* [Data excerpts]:
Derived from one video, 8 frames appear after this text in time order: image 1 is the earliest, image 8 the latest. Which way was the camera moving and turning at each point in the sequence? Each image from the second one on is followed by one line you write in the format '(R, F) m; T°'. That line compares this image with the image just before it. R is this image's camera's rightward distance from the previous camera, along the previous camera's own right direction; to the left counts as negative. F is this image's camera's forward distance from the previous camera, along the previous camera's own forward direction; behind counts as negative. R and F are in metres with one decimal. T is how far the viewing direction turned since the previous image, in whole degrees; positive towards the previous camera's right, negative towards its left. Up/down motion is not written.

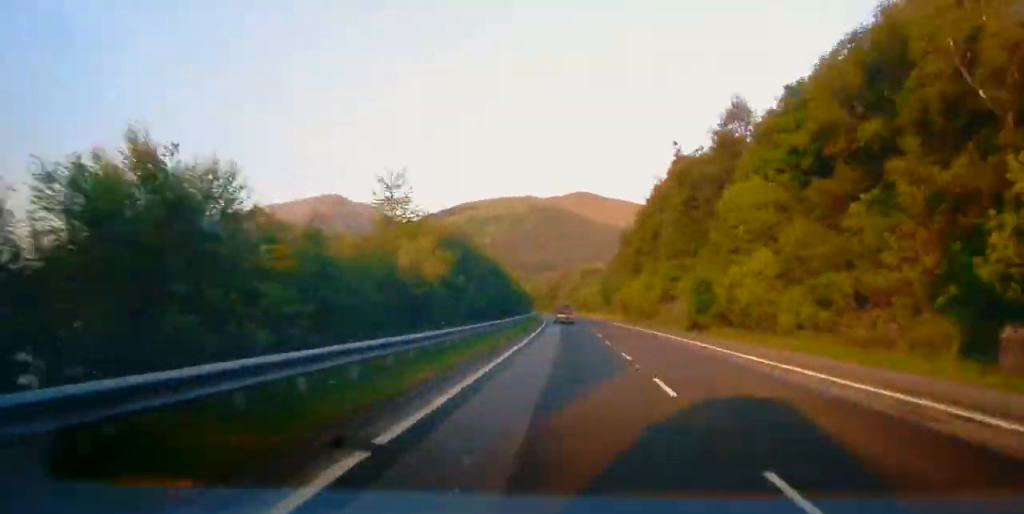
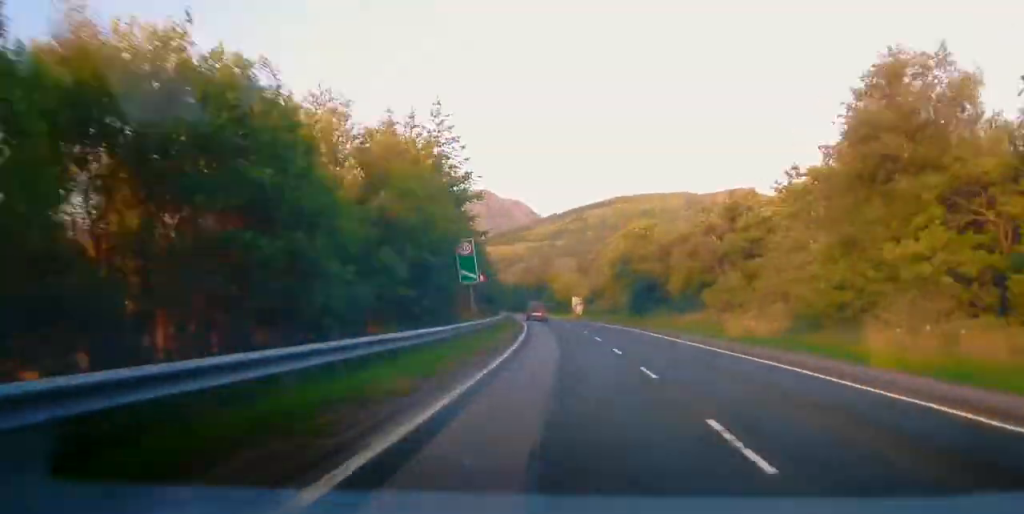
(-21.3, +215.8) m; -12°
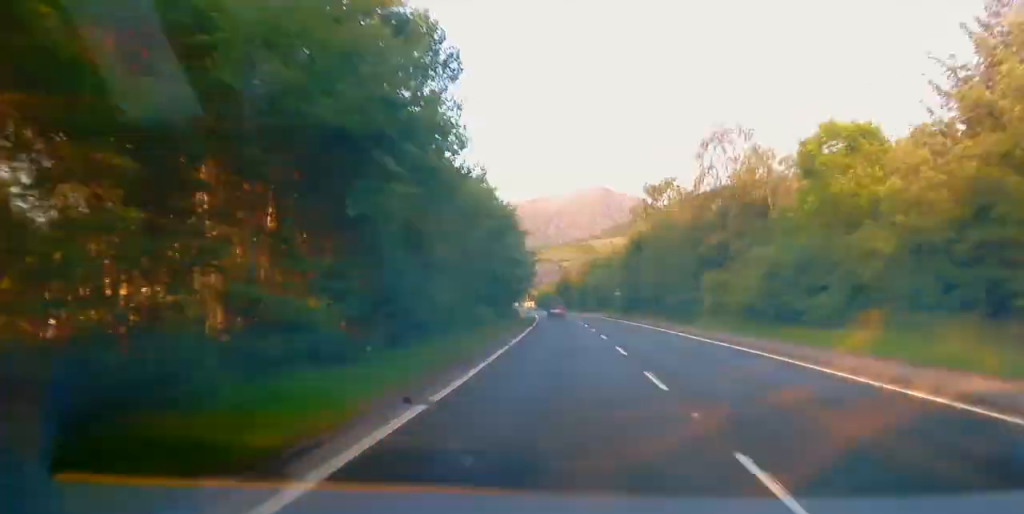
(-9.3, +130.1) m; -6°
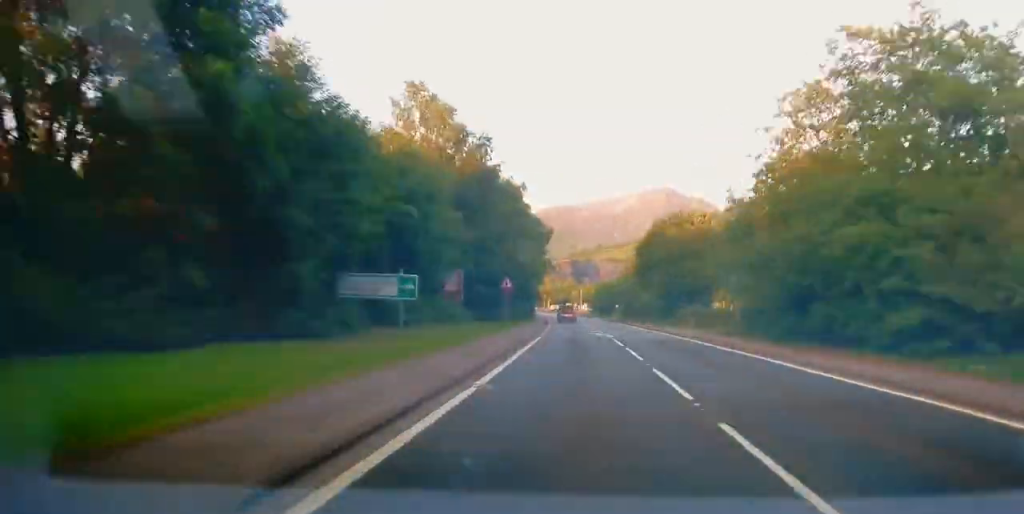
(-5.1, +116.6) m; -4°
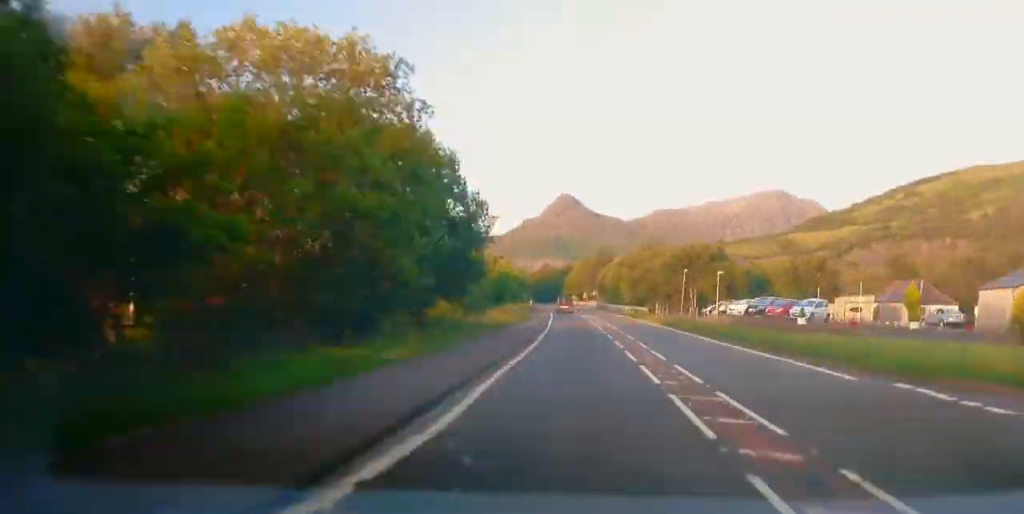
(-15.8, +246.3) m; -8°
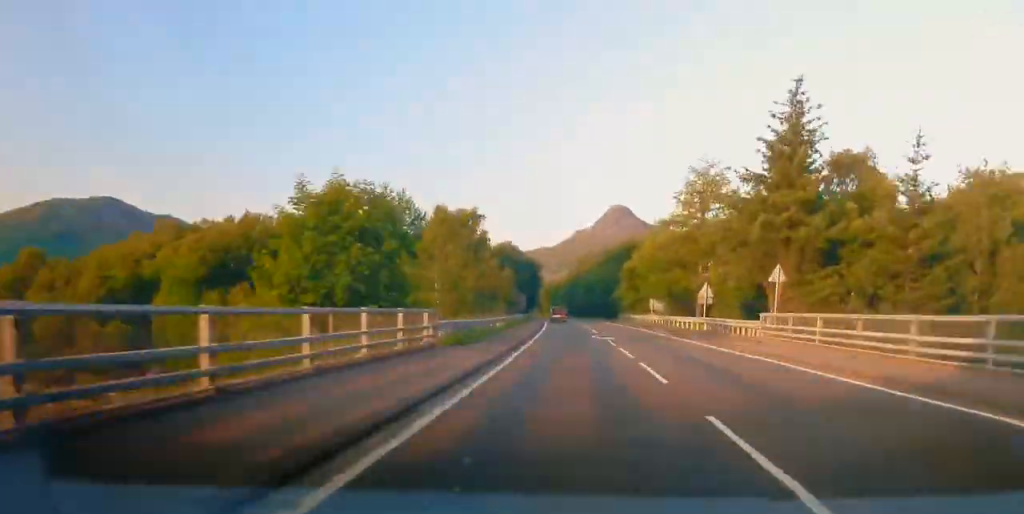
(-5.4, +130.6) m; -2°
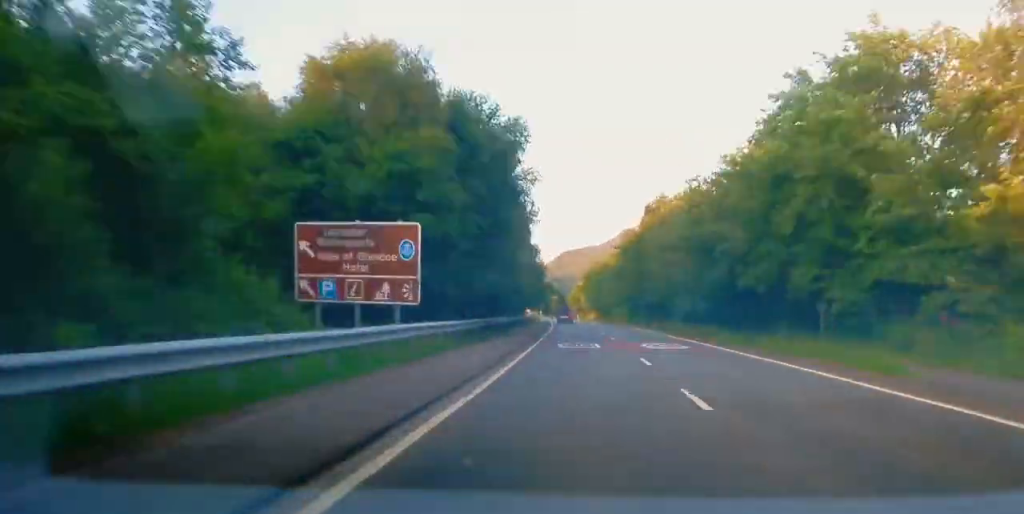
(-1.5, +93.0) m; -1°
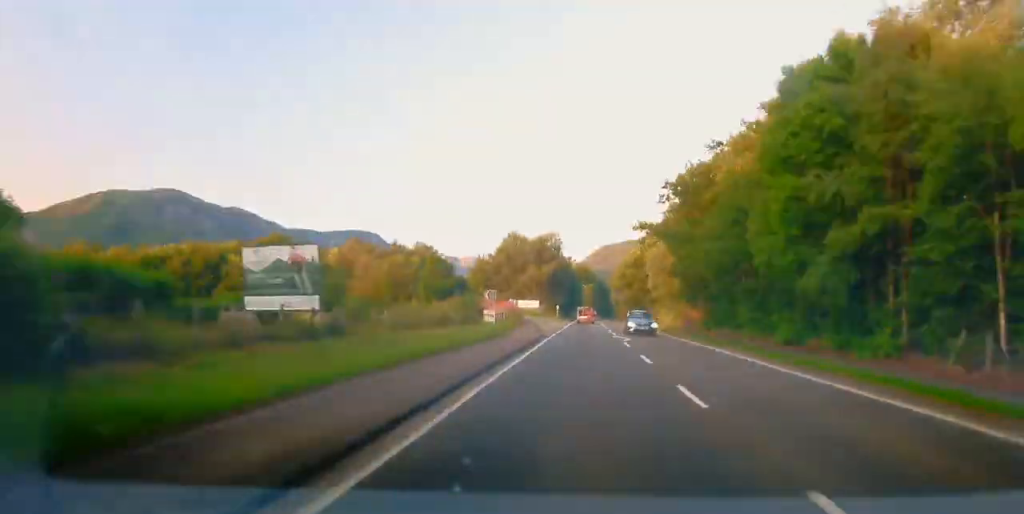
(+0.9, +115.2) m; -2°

* [ACTIVITY]: Please reproduce the records above exactly, leaving out every picture.

* [WRITTEN RESPONSE]:
Derived from one video, 8 frames appear after this text in time order: image 1 is the earliest, image 8 the latest. Which way was the camera moving and turning at each point in the sequence? Each image from the second one on is followed by one line you write in the format '(R, F) m; T°'. That line compares this image with the image just before it. R is this image's camera's rightward distance from the previous camera, along the previous camera's own right direction; to the left counts as negative. F is this image's camera's forward distance from the previous camera, along the previous camera's own forward direction; behind counts as negative. R and F are in metres with one decimal. T is how far the viewing direction turned since the previous image, in whole degrees; positive towards the previous camera's right, negative towards its left. Up/down motion is not written.

(-21.3, +215.8) m; -12°
(-9.3, +130.1) m; -6°
(-5.1, +116.6) m; -4°
(-15.8, +246.3) m; -8°
(-5.4, +130.6) m; -2°
(-1.5, +93.0) m; -1°
(+0.9, +115.2) m; -2°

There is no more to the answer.